=== Begin Enclosure ===

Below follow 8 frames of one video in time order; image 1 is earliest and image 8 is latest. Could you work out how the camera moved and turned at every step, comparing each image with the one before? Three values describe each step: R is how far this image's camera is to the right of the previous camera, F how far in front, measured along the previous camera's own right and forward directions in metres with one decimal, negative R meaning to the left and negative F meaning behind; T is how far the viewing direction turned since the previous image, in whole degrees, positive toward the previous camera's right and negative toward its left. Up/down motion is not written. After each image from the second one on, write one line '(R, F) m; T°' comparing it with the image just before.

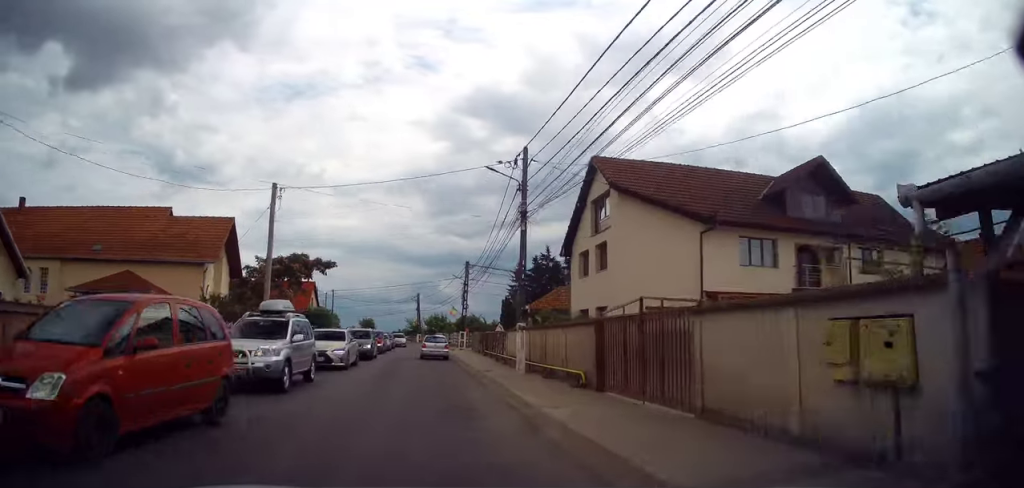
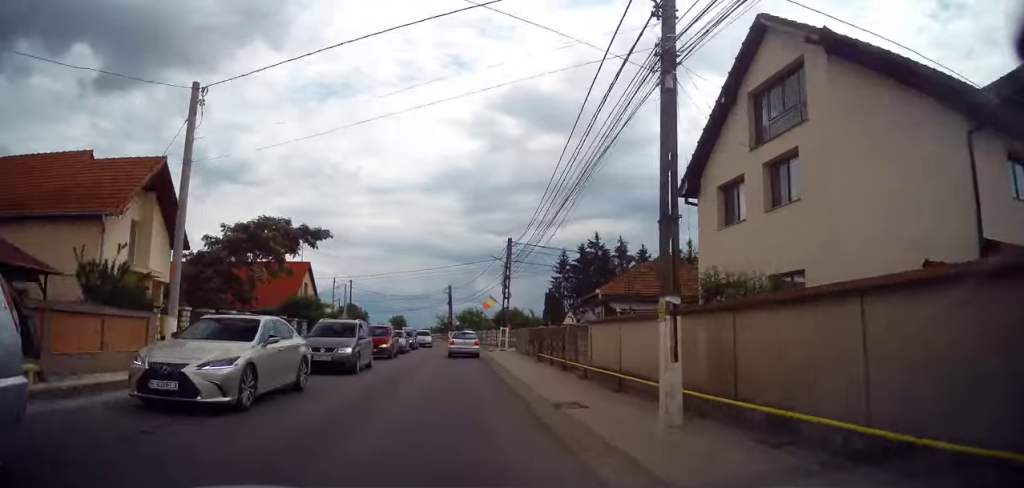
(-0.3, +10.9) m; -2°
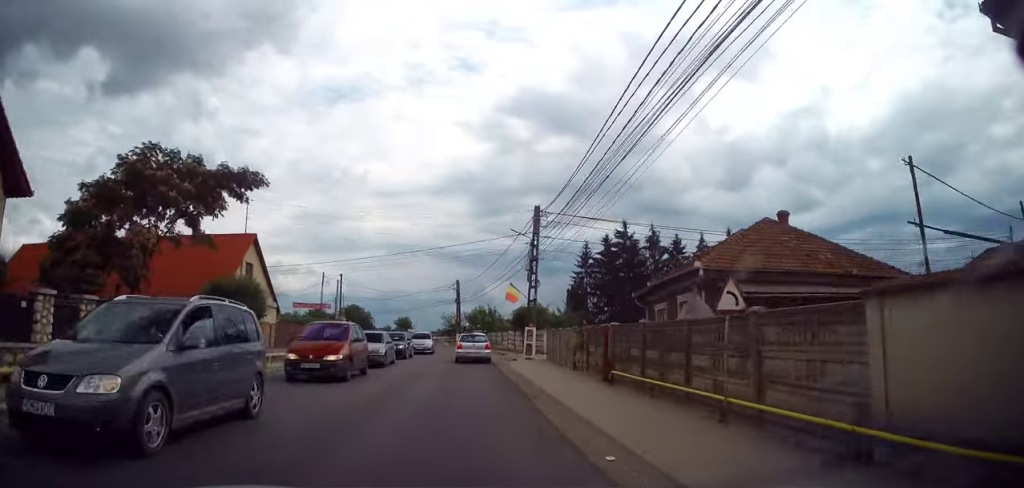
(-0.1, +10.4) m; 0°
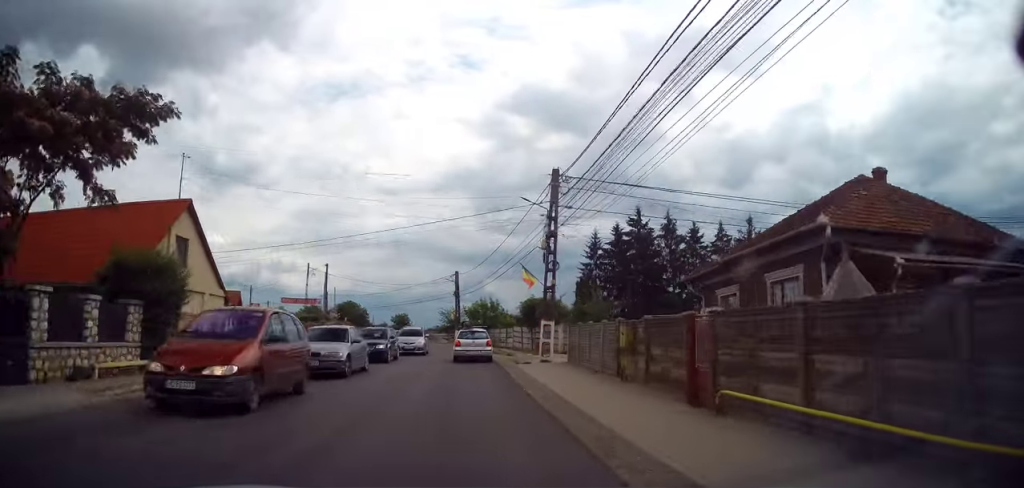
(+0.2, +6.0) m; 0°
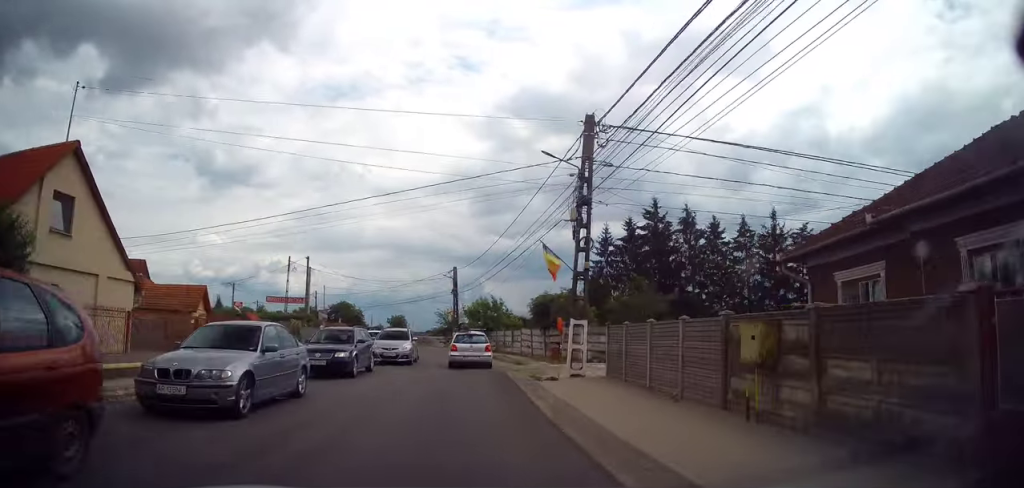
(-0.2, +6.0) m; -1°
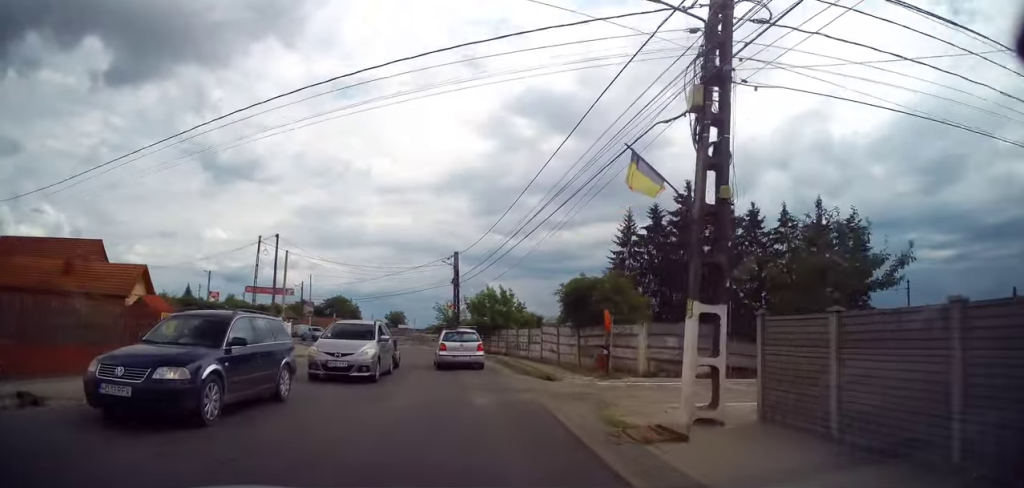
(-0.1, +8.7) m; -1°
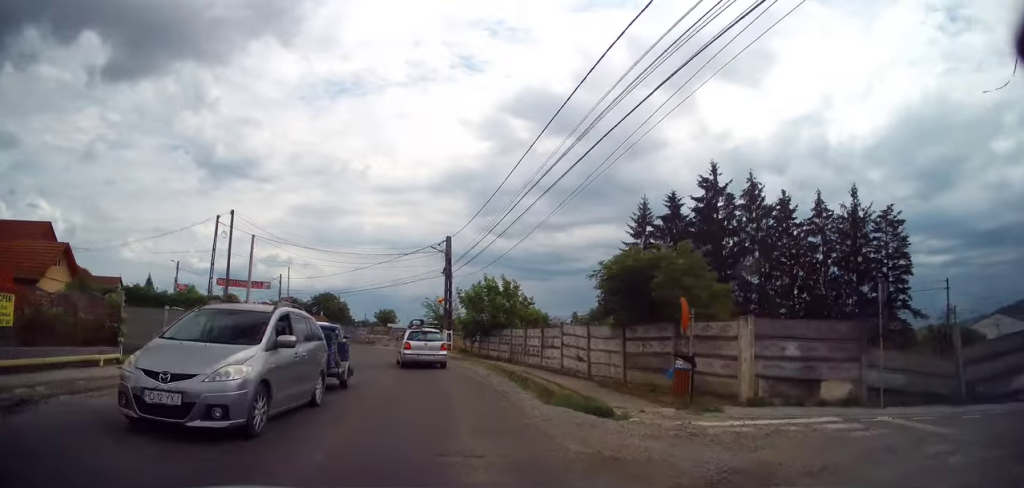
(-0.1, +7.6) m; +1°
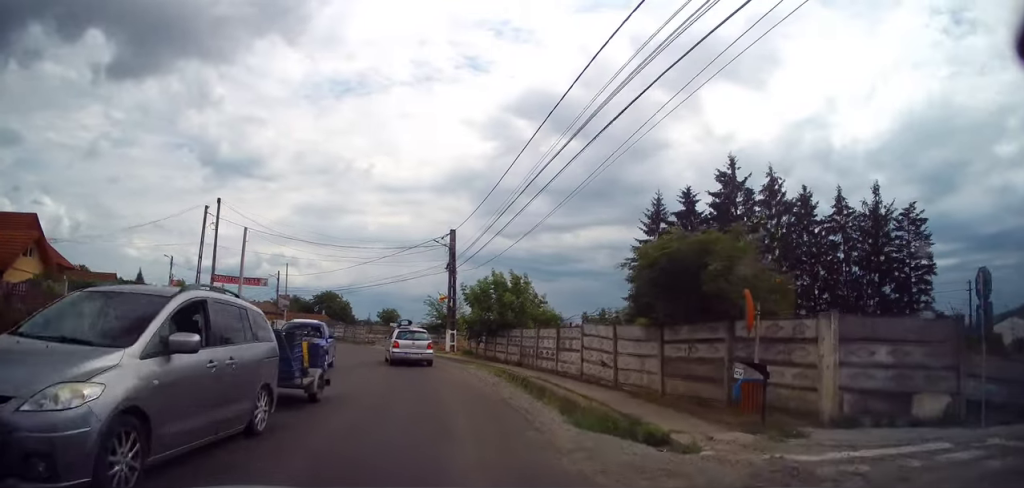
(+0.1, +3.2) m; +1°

=== End Enclosure ===
=== Begin Enclosure ===

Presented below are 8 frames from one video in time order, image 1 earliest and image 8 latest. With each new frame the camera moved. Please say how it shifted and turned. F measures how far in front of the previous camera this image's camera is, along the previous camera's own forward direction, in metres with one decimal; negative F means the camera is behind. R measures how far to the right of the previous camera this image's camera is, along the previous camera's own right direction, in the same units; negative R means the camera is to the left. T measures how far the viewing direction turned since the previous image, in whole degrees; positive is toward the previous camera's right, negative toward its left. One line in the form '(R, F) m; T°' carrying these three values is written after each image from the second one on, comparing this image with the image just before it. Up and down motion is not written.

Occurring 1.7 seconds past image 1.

=== End Enclosure ===
=== Begin Enclosure ===

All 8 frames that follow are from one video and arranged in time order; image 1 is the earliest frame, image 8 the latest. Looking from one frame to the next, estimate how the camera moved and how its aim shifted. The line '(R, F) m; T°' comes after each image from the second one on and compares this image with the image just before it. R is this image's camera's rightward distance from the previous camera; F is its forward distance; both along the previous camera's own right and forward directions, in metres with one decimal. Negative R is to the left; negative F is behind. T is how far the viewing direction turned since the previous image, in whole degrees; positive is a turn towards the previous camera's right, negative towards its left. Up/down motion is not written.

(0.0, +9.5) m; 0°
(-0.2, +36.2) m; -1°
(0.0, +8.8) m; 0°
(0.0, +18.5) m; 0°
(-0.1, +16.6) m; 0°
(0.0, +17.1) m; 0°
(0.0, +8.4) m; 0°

=== End Enclosure ===

- TASK
Give back, word for word, only the lines above from the line holding "Presented below are" to the line holding "Occurring 1.7 seconds past image 1.", both included.

- TASK RESPONSE
Presented below are 8 frames from one video in time order, image 1 earliest and image 8 latest. With each new frame the camera moved. Please say how it shifted and turned. F measures how far in front of the previous camera this image's camera is, along the previous camera's own forward direction, in metres with one decimal; negative F means the camera is behind. R measures how far to the right of the previous camera this image's camera is, along the previous camera's own right direction, in the same units; negative R means the camera is to the left. T measures how far the viewing direction turned since the previous image, in whole degrees; positive is toward the previous camera's right, negative toward its left. One line in the form '(R, F) m; T°' carrying these three values is written after each image from the second one on, comparing this image with the image just before it. Up and down motion is not written.

Occurring 1.7 seconds past image 1.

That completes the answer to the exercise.